Unterstützung für die Rechte der Kleinbauern und Schutz des Naturraumes

Die Arbeit von 10envolvimento gestaltet sich schwierig: lange Wege, schwierige Passagen (10envolvimento)
Die Arbeit von 10envolvimento gestaltet sich schwierig: lange Wege, schwierige Passagen (10envolvimento)

Die Entwicklungs-NGO 10envolvimento, welche im Jahr 2004 vom austro-brasiliansichen Bischof Dom Ricardo Weberberger OSB (+2010) gegründet worden ist, ist im westlichsten Teil des brasilianischen Bundesstaates Bahia aktiv. Hier hat sich eine besonders dynamische, ökologisch schädliche und sozial ungerechte Agrarfront installiert.

Mehr als die Hälfte des natürlichen Pflanzenwuchses musste bereits dem Anbau von Monokulturen weichen; Jahr um Jahr werden weitere 100.000 Hektar der Cerrado-Vegetation gerodet. Viele im Cerrado verwurzelte Familien wurden in den letzten drei Jahrzehnten von den neuen Farm-Herren vertrieben. Andere kapitulierten aus wirtschaftlicher Not, nachdem sie den Viehauslauf an den großflächigen Exportgüter-Anbau verloren hatten.

Heute boomt die Großagrarwirtschaft: Soja, Mais, Reis erzielen bessere Preise denn je, der Anbau von grüner Energie zur Agrosprit-Erzeugung (aus Zuckerrohr und verschiedenen Ölsaat-Kulturen) wird in großem Stil gefördert. Damit wurden die Boden-Preise angeheizt, Spekulation und Besitztitel-Fälschungen sind en vouge. Neuerlich sind die verbliebenen Geraizeiro-Gemeinschaften schlimm betroffen. Landkäufer (häufig ausländischer Provenienz) setzen zur Bedingung, dass das zum Kauf angebotene Land unbewohnt ist. Großfarmer, die nicht mehr über die gesetzlich vorgeschriebenen 20% an naturbelassener Fläche verfügen (der Vorweis dessen gilt als Bedingung für Bank-Kredite), nehmen jenes Land in Beschlag, das die alten Geraizeiro-Gemeinschaften (die zwar keine Besitz-Titel, aber ersessene Rechte haben) besiedeln und zu schützen wussten. Zunächst werden sie gegen eine Entschädigungszahlung zur Absiedelung angehalten; steigen sie darauf nicht ein, setzen Drohungen und häufig Gewalt-Anwendung ein.

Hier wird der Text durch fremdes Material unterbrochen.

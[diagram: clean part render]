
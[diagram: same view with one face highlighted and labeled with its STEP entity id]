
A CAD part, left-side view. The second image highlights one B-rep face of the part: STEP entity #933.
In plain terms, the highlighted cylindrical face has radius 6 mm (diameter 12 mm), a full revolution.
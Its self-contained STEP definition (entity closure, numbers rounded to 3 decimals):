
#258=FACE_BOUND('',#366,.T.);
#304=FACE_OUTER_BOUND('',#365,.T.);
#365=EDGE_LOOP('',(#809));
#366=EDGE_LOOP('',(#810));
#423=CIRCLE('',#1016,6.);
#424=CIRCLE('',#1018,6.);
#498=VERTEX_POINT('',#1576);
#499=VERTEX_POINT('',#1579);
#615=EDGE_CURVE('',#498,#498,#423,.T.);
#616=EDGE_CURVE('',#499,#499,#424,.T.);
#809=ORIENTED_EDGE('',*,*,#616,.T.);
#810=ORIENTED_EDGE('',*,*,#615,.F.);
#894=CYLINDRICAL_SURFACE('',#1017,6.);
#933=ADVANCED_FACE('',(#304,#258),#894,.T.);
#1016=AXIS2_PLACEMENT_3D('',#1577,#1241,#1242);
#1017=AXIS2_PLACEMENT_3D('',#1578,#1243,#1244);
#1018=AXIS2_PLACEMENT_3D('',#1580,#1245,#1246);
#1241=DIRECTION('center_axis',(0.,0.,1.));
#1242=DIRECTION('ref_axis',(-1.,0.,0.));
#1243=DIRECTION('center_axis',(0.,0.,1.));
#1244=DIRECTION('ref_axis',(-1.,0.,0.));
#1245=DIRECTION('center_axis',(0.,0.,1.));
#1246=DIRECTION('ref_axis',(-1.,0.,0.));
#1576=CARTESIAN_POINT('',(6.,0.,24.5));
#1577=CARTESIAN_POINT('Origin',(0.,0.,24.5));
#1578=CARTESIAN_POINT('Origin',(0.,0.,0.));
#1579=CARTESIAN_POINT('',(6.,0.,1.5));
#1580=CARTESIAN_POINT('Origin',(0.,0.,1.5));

Versammlung mit Kleinbauern (10envolvimento)
Versammlung mit Kleinbauern (10envolvimento)

10envolvimento unterstützt die bedrohten Gemeinschaften von Geraizeiros in ihrem Widerstand gegen Landraub und Naturzerstörung. Damit exponiert sich die Agentur, denn seitens der Großgrundbesitzer steht viel Geld und Macht am Spiel. 10envolvimento trachtet aber auch, die Kultur und das tradierte Wissen der Geraizeiro-Gemeinschaften zu dokumentieren und vorzustellen, um Sympathie und gesellschaftlichen Rückhalt für diese an den Rand gedrängte Bevölkerungsgruppe zu wecken.